William Virgil was almost 30 years behind bars after a crime he did not commit. After Kentucky police withheld evidence which could have exonerated him, Virgil was found guilty.
Yet Virgil won’t see any justice for that police misconduct, as he is now dead—the government roadblocks to his lawsuit so long and winding that they outlived him.
This is what qualified immunity allows. It’s a legal doctrine that permits local or state actors to violate you rights and not have to pay any civil penalties if they aren’t “clearly established”.
The cops in the middle of Virgil’s story are not to be outdone. DidDo not violate the “clearly established law”.
Retha Retha was attacked repeatedly and hit on her head with a knife, and then raped in Newport, Kentucky. Virgil, who had a relationship with Welch through Welch’s work at a prison ministry, was quickly identified as a suspect. He was convicted on the basis of circumstantial evidence and released only after DNA testing had excluded him from being the murderer.
It is not possible to determine whether Virgil would still have been in prison if it wasn’t for the government’s malfeasance. But the U.S. Court of Appeals for the 6th Circuit ruled in 2018 that it should have been plainly obvious to any reasonable police officer—even in 1988—that withholding evidence from a defendant is unconstitutional. Norman Wagner, a former Newport Police Department Officer refused to tell the court that he hired Joe Womack (a jailhouse informant) to testify in his favor against Virgil. Wagner allegedly provided Womack with details of the crime and offered to talk to the parole board if Womack consented. Wagner failed, together with Marc Brandt, to inform the defense of a possible serial killer investigation that could have been connected to Welch’s death and other suspects that had been identified.
“[Virgil]For the 6th Circuit, Judge Joan Larsen wrote in December 2018 that there were allegations that the officers attempted to frame him, that an inmate was coerced into testifying falsely that Virgil had confessed, and that they suppressed evidence about other suspects. If proven, such conduct would be a violation of bad faith, or the functional equivalent. Judge Joan Larsen for the 6th Circuit in December 2018 wrote that this was despite it being well known that officers were unable to suppress evidence regarding other suspects. IntentionallyConceal material or exculpatory evidence
Virgil died in January of this year—almost three years after that decision came down, and even longer after a lower court came to the same conclusion. The government tried to appeal, but his case was not allowed before a jury. Againto the exact same court, which had already ruled in Virgil’s favour.
“A reasonably trained police officer in 1988 would have certainly known that you have to disclose exculpatory evidence implicating other people in a homicide investigation,” says Elliot Slosar, an attorney at Loevy & Loevy, who is representing Virgil. That type of law was established in 1988 and 1968. We view their appeals as absurd because of this.
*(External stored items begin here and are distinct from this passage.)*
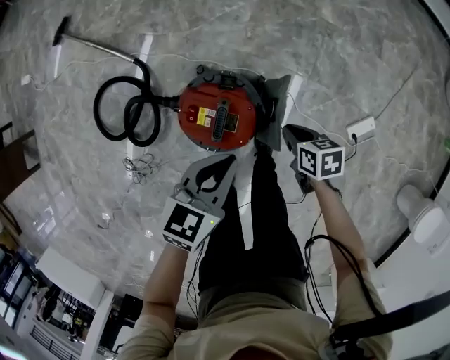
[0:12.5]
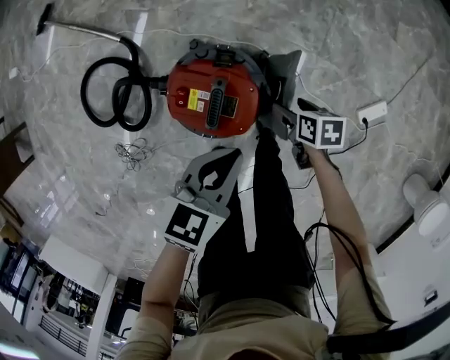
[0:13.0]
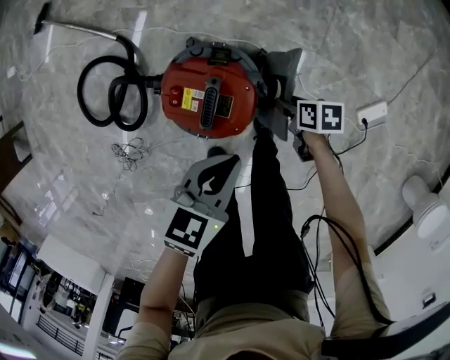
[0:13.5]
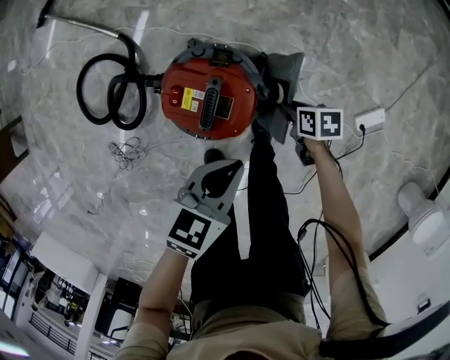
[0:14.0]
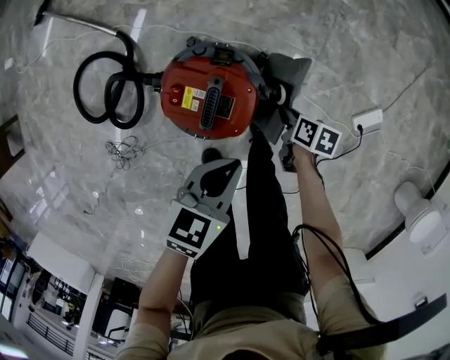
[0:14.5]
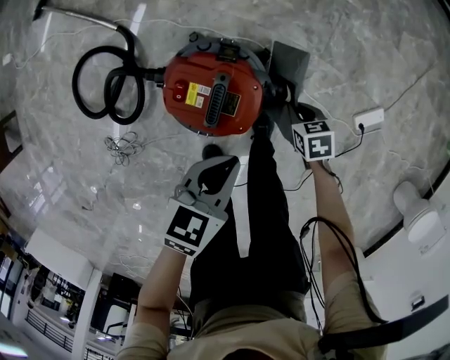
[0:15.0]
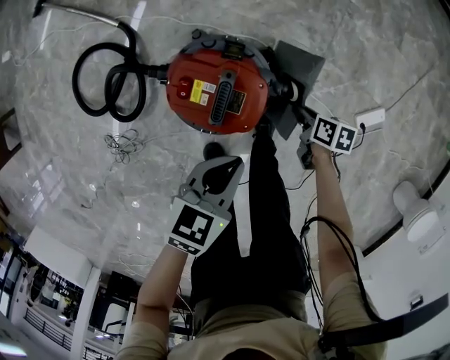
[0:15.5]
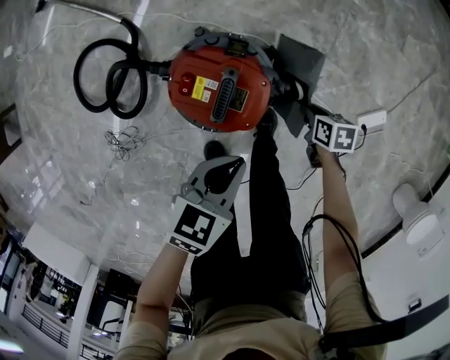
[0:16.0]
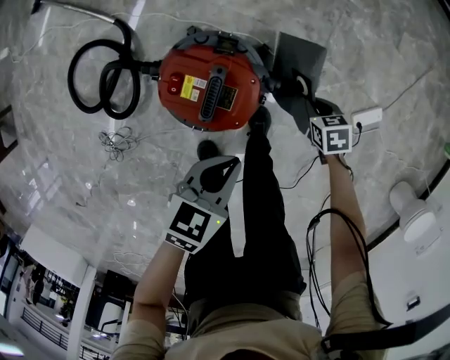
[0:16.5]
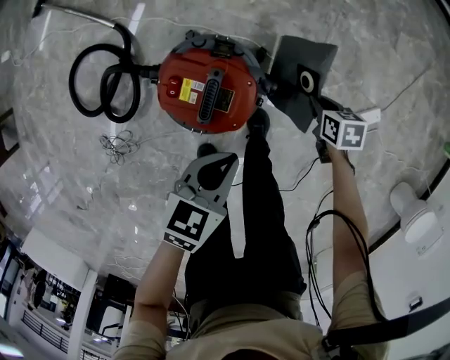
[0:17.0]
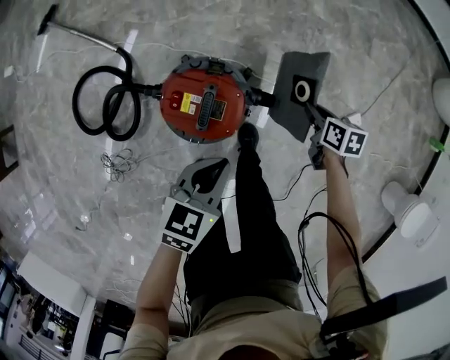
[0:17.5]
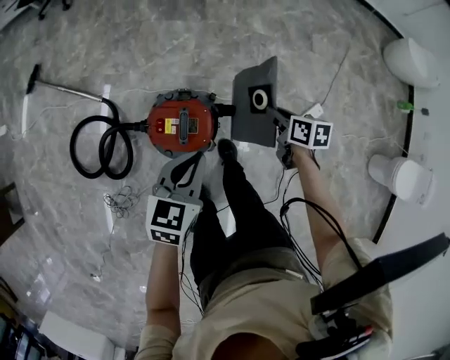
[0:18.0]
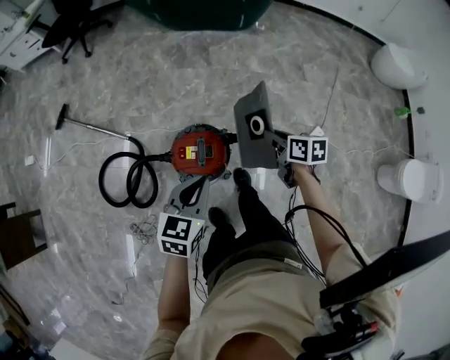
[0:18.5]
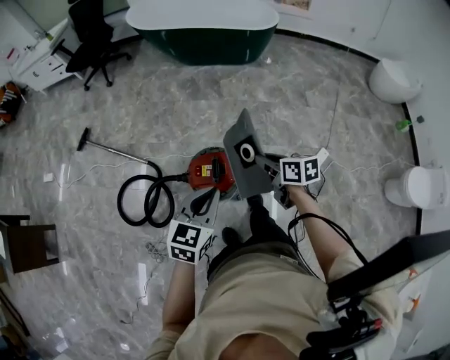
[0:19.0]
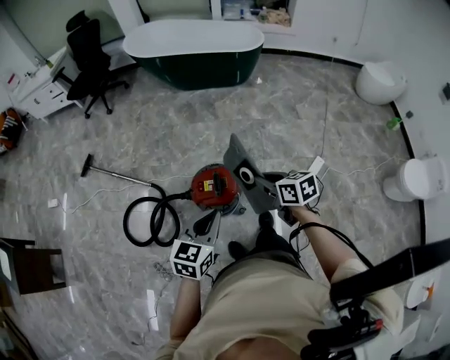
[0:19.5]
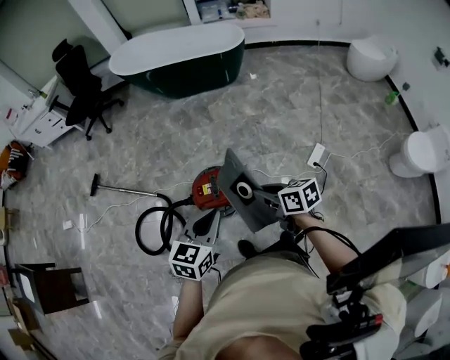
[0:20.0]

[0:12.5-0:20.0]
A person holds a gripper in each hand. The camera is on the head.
0:12.5 to 0:14.5: The right gripper is displaced downward by about 15 cm, swivels some 20 degrees, and opens, then closes again. Meanwhile the left gripper is displaced downward by approximately 10 cm.
0:14.5 to 0:16.5: The right gripper moves to the right, about 5 cm, and twists roughly 40 degrees counterclockwise, seen from behind.
0:16.5 to 0:18.0: Both grippers move upward, approximately 25 cm. The right gripper swivels some 40 degrees.
0:18.0 to 0:20.0: The right gripper heads backward and upward, covering about 35 cm, and rotates approximately 20 degrees. Meanwhile the left gripper shifts roughly 25 cm upward and backward.

In early 2016, the suit was filed for the first time. The estate of Virgil is unlikely to be brought to trial before 2023. Invoking special protections, the government will continue to delay a claim multiple courts have ruled should go to a jury trial. “Qualified immunity…enable[s]Clark Neily, the senior vice president for legal research at Cato Institute, says that defendants may have been accused of misconduct in an attempt to prolong the litigation. “Unfortunately, some plaintiffs do end up dying during litigation….It’s a real tragedy.” Meanwhile, Virgil overcoming qualified immunity did not entitle him to any sort of judgement—it merely afforded him the privilege to impanel his peers and state his case, something his cousin will now do in his stead.
Slosar states that William “just always wanted justice” and uses a wide range of terms to describe it. He wanted to be heard in court. He wanted to show the world how he had been framed for a crime that he didn’t commit. He wanted the public to be able to witness evidence about who committed this horrible murder. William wanted the police to hold these officers accountable for each day he was taken from his family or spent in wrongfully held cells.
For someone who was sentenced to 28 years for an unrelated murder, this is perhaps a reasonable list. Yet, asking for the government’s help in ending Virgil’s life seems too much.